Quadros em que há uma disabsorção de lipídios secundária a má absorção ou má digestão.

  • Exemplos: Insuficiência exócrina do pâncreas, isquemia mesentérica.

Funcional

A hipermotilidade intestinal está associada a outros mecanismos de diarreia, mas como uma causa primária não é comum e é um diagnóstico de exclusão.

As diarreias agudas estão mais associadas a gastroenterites virais, como o rotavírus, bacterianas, como E. coli, Shigella, Campylobacter, Cólera, ou parasitarias, helmintos e protozoários.

Já as diarreia crônicas, estão mais associadas a parasitoses não tratadas, doença inflamatória intestinal e intolerâncias alimentares à lactose ou glúten, por exemplo.

OBS: Atenção para os pacientes que estão fazendo uso de antibiótico e desenvolvem quadro diarreico! A microbiota bacteriana normal pode ter sido destruída, permitindo a proliferação do Clostridium Difficile, causando uma colite pseudomembranosa na mucosa intestinal.

Clínica

Na investigação clínica, é preciso atentar para algumas informações que irão guiar o raciocínio clínico:

  • Quanto tempo do início do quadro
  • Quantidade e volume das dejeções
  • Presença de sinais de gravidade ou comorbidades associadas (Insuficiência cardíaca, Doença renal crônica, câncer)
  • Sintomas associados: febre, anorexia, náuseas, vômitos, dor abdominal
  • Característica das fezes: líquida, pastosa, presença ou ausência de alimentos, muco ou sangue
  • Medicamentos em uso
  • Condições socioeconômicas e de saneamento básico

Classificação

De acordo com as características das dejeções e frequência por dia, podemos classificar como alta ou baixa e se possui características inflamatórias:

  • Alta: poucas dejeções ao dia, fezes volumosas, presença de restos alimentares e ausência de muco. Geralmente acompanhada de cólicas abdominais.
  • Baixa: múltiplas dejeções ao dia, pouco volumosas, sem restos alimentares e com presença de muco, pus e pode conter sangue. Geralmente acompanhadas de urgência e tenesmo.
  • Não-inflamatória: fezes aquosas, volumosas, sem sangue muco ou pus, geralmente sem febre.
  • Inflamatória: evacuações frequentes, pequeno volume, com muco ou pus, algumas com sangue. É comum febre, toxemia, dor abdominal intensa, tenesmo e leucocitose associada.

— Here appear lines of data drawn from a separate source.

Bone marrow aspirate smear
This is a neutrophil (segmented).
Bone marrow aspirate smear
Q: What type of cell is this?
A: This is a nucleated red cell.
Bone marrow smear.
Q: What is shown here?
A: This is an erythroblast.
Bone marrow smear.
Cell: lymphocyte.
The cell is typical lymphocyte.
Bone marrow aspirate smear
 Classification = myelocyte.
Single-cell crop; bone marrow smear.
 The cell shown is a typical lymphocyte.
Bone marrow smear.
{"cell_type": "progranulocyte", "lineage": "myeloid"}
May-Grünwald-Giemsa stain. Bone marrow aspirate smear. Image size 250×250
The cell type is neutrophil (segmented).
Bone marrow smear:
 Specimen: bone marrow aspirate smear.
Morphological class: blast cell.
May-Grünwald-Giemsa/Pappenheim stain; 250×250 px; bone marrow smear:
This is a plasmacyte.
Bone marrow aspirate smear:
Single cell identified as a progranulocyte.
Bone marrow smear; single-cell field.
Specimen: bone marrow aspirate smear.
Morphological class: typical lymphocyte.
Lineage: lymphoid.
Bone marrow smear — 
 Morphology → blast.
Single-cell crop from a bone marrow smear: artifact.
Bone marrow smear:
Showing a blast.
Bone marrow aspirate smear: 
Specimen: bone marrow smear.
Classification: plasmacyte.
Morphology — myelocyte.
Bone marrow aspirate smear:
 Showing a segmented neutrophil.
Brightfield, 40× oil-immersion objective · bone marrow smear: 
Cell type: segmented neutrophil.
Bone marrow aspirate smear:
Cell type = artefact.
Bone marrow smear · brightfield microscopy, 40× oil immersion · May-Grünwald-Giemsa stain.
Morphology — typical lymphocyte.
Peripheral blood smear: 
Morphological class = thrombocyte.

Quando acompanhada de náuseas, vômitos e dor abdominal difusa, a diarreia aguda compõe a síndrome de gastroenterite aguda, uma condição habitualmente causada por infecções virais ou intoxicação alimentar.

Nos casos em que há sangue concomitante, se constitui como um quadro de disenteria e está mais associada a infecções por bactérias, como Shigella e Salmonella.

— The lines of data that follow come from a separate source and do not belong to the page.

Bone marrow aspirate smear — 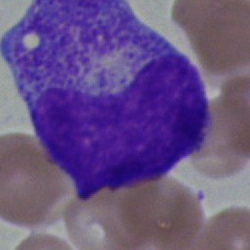Cell — metamyelocyte.
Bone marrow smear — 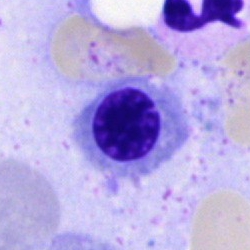 {"cell_type": "nucleated red blood cell", "lineage": "erythroid"}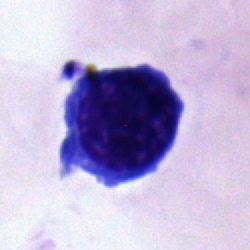

{"cell_type": "nucleated red blood cell", "lineage": "erythroid"}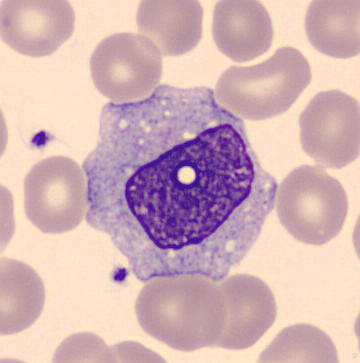{"cell_type": "monocyte", "lineage": "myeloid"}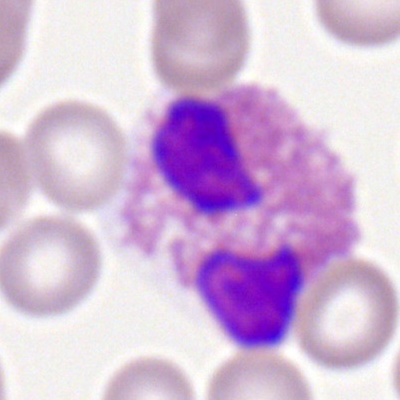

Impression — eosinophil.
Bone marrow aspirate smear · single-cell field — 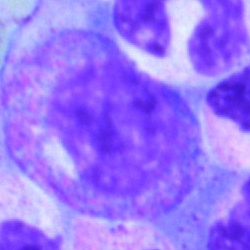
Q: What is shown here?
A: Myelocyte.
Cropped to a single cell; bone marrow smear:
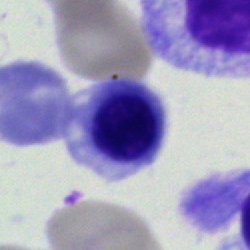Q: What is shown here?
A: This is a nucleated red cell.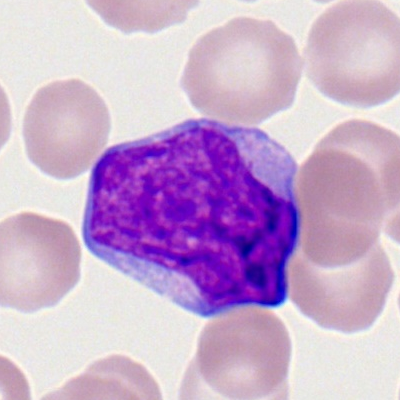

Morphology consistent with a myeloid blast.
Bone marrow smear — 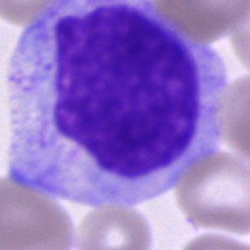This is a progranulocyte.
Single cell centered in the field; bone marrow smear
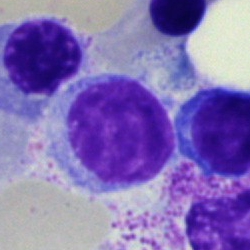The morphological class is typical lymphocyte.
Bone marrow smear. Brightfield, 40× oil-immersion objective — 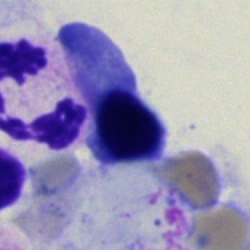 Single cell identified as an erythroblast.
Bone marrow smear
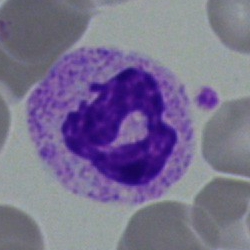

Showing a polymorphonuclear neutrophil.

Ao exame físico, o paciente pode se apresentar com sinais de desidratação e não podemos deixar passar os quadros mais graves:

  • Mucosas desidratadas e pele seca
  • Olhos fundos e turgor cutâneo diminuído
  • Pulso radial fraco
  • Incapacidade de ingerir líquidos
  • Diminuição do nível de consciência

Diagnóstico da diarreia

É importante levar em conta as características das dejeções e os patógenos mais associados:

  • Diarreia aquosa: vírus, toxinas, coli, Cólera e Clostridium difficile.
  • Diarreia com sangue: Shigella, Salmonella, Campylobacter, E. coli êntero-hemorrágica.

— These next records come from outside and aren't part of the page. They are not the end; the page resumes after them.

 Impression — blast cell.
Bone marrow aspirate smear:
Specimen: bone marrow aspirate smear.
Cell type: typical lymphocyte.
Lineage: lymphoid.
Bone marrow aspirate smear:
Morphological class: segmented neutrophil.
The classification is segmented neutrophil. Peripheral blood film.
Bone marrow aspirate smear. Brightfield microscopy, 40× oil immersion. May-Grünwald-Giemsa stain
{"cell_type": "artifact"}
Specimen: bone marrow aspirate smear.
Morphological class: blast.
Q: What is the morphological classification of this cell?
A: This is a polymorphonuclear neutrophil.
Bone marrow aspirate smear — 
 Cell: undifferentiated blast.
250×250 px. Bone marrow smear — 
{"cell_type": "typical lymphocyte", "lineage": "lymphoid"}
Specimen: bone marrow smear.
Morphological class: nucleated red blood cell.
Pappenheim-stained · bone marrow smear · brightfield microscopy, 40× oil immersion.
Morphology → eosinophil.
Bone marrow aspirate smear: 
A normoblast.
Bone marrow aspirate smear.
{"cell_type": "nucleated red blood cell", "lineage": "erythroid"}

Os exames complementares iniciais que podem ser solicitados para avaliação do quadro clínico e suspeita diagnóstica são:

  • Coprocultura
  • Hemograma, eletrólitos e função renal
  • Pesquisa de marcadores inflamatórios nas fezes e toxina do difficile
  • Parasitológico de fezes, se:
    • Diarreia > 10 dias
    • Endemia ou surto com origem comum de fonte de água
    • HIV
  • Colonoscopia com biópsia
  • Endoscopia digestiva alta
  • Teste de tolerância a lactose
  • Anticorpos anti-transglutaminase IgA, antiendomísio IgA

Esses exames devem ser solicitados em pacientes com > 70 anos, diarreia persistente, ≥ 6 episódio/dia, desidratação grave, toxemia, imunossupressão, etiologia hospitalar ou sinais de diarreia inflamatória.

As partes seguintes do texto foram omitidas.